Not if you are walking closely with the Lord and inviting him thru the entire process. Scripture says :' God has not given us a spirit of fear...but of love, power, and a sound mind' . Its when we try to act out things on our own limited strength and understanding, that we falter. All things work together for the good of those who love God...so, if the changes are obviously detrimental to myself, then I can know they are not of God/from God...at which time switching of gears is required . However, we should try to learn all we can when things such as adversity stikes as a result of change.
How can you tell the difference between our strength and the Lords strength, I don't really get how that works, we don't feel the Lords strength, so how do we go by His and not ours?
Actually, we can feel the Lords strength oftentimes ,working in and thru us. I can attest to that . There is a peace that comes from God which transcends all understanding when we are going thru unsure or difficult times -- its as if we arent going thru it all alone and we have this uncanny assurance that there is light at the end of the tunnel and that our little boat is going to make it to the other side because God is with us .
'Our strength' typically means that we are trying to get thru something or overcome something in the quickest way possible regardless of how its done as is typical of us humans.

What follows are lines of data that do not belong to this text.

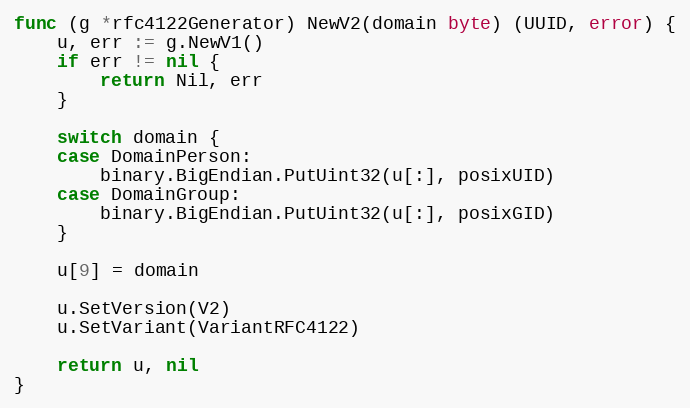
Language: Go
func (g *rfc4122Generator) NewV2(domain byte) (UUID, error) {
	u, err := g.NewV1()
	if err != nil {
		return Nil, err
	}

	switch domain {
	case DomainPerson:
		binary.BigEndian.PutUint32(u[:], posixUID)
	case DomainGroup:
		binary.BigEndian.PutUint32(u[:], posixGID)
	}

	u[9] = domain

	u.SetVersion(V2)
	u.SetVariant(VariantRFC4122)

	return u, nil
}
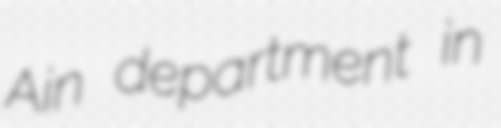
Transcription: Ain department in
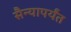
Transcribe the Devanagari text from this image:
सैन्यापर्यंत
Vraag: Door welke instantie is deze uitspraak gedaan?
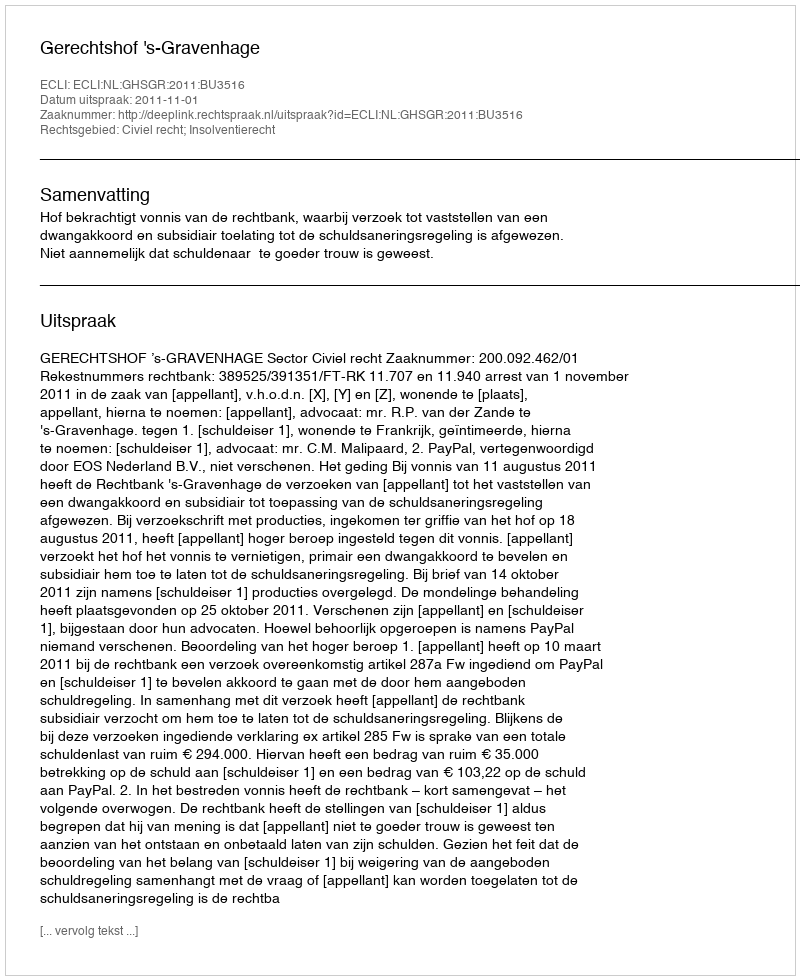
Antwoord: Gerechtshof 's-Gravenhage
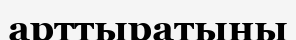
арттыратыны
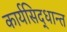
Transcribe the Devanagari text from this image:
कार्यसिद्धान्त
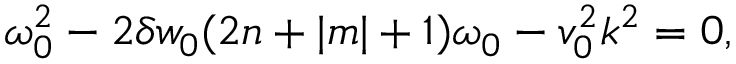
\begin{array} { r } { \omega _ { 0 } ^ { 2 } - 2 \delta w _ { 0 } ( 2 n + | m | + 1 ) \omega _ { 0 } - v _ { 0 } ^ { 2 } k ^ { 2 } = 0 , } \end{array}
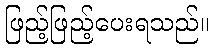
ဖြည့်ဖြည့်ပေးရသည်။
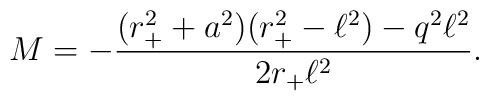
M=-\frac{(r_+^2+a^2)(r_+^2-\ell^2)-q^2 \ell^2}{2r_+\ell^2}.
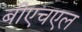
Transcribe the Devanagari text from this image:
बीएचएल
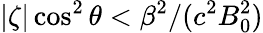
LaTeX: |\zeta|\cos^{2}\theta<\beta^{2}/(c^{2}B_{0}^{2})
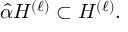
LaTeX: \hat { \alpha } { \cal H } ^ { ( \ell ) } \subset { \cal H } ^ { ( \ell ) } .
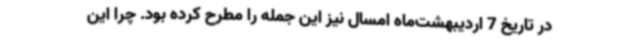
در تاریخ 7 اردیبهشت‌ماه امسال نیز این جمله را مطرح کرده بود. چرا این
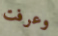
وعرفت

Relying on 'Gods strength' involves constantly staying in close contact with God / staying immersed in Gods Word for instruction / and filtering all of our moves and choices thru him ... that is, his character, nature, and Person . It involves constantly seeking his wisdom thru prayer and in written form .
Does that makes it clearer ? I hope so. Essentially, it depends on WHO we turn to during times of uncertainty in our lives : Our feelings or Gods wisdom which can be imparted to us. Regards.

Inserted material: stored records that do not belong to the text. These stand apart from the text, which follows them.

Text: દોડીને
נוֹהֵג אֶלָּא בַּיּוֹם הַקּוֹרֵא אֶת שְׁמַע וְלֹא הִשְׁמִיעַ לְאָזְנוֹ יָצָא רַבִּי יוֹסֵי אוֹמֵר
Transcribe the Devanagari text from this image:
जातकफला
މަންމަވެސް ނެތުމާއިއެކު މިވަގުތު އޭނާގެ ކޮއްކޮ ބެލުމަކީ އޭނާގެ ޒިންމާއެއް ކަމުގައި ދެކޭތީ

That does explain it pretty good, I'm still unsure about some things lol I don't think I've ever felt God's strength but I act and talk to God like my strength comes from Him. Which I believe it does, because without Him we are all nothing...

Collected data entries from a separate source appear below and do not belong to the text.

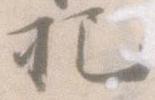
把
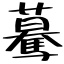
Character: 驀
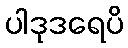
ပါဒုဒရေပိ
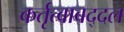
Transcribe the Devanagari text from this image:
कर्तृत्वाबद्दल
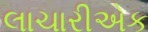
લાચારીએક
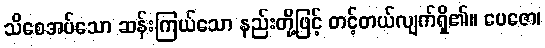
သိစေအပ်သော ဆန်းကြယ်သော နည်းတို့ဖြင့် တင့်တယ်လျက်ရှိ၏။ ပေဇော၊
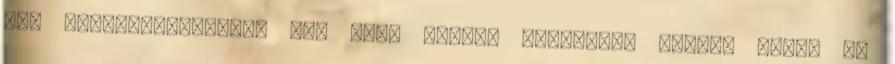
nem összeférhetetlen az, hogy valaki egyszerre legyen költő és
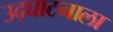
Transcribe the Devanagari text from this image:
उद्घाटनाला
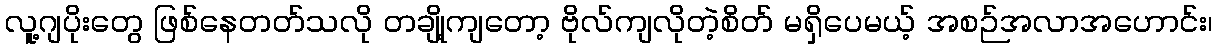
လူ့ဂျပိုးတွေ ဖြစ်နေတတ်သလို တချို့ကျတော့ ဗိုလ်ကျလိုတဲ့စိတ် မရှိပေမယ့် အစဉ်အလာအဟောင်း၊
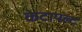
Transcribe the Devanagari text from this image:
केटापल्ट
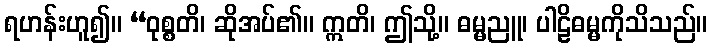
ရဟန်းဟူ၍။ “ဝုစ္စတိ၊ ဆိုအပ်၏။ ဣတိ၊ ဤသို့။ ဓမ္မညူ၊ ပါဠိဓမ္မကိုသိသည်။
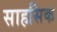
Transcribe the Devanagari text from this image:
साहसिक
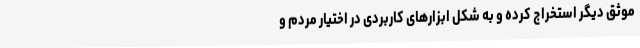
موثق دیگر استخراج کرده و به شکل ابزارهای کاربردی در اختیار مردم و
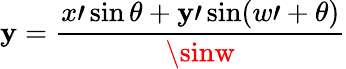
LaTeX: \mathbf{y}=\frac{{x\prime\sin\theta+\mathbf{y}\prime\sin(w\prime+\theta)}}{{\sinw}}
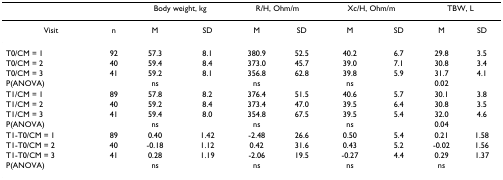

I don't know what it is but I've just been feeling weird lately. Like I'm alone, or that this is all just so hard that I can't do it. I know that's probably not true but its the way I feel right now. I feel like all I've been getting lately is do' s and dont's and like a stupid legalistic sense of things.
That does explain it pretty good, I'm still unsure about some things lol I don't think I've ever felt God's strength but I act and talk to God like my strength comes from Him. Which I believe it does, because without Him we are all nothing...
I don't know what it is but I've just been feeling weird lately. Like I'm alone, or that this is all just so hard that I can't do it. I know that's probably not true but its the way I feel right now. I feel like all I've been getting lately is do' s and dont's and like a stupid legalistic sense of things.
Are you sure you're not suffering from some type of depression? I use to think I was lazy a lot of the time when in reality I was struggling with bipolar disorder. Not trying to worry you, but if you want a better relationship with God it helps to know what your demons are first.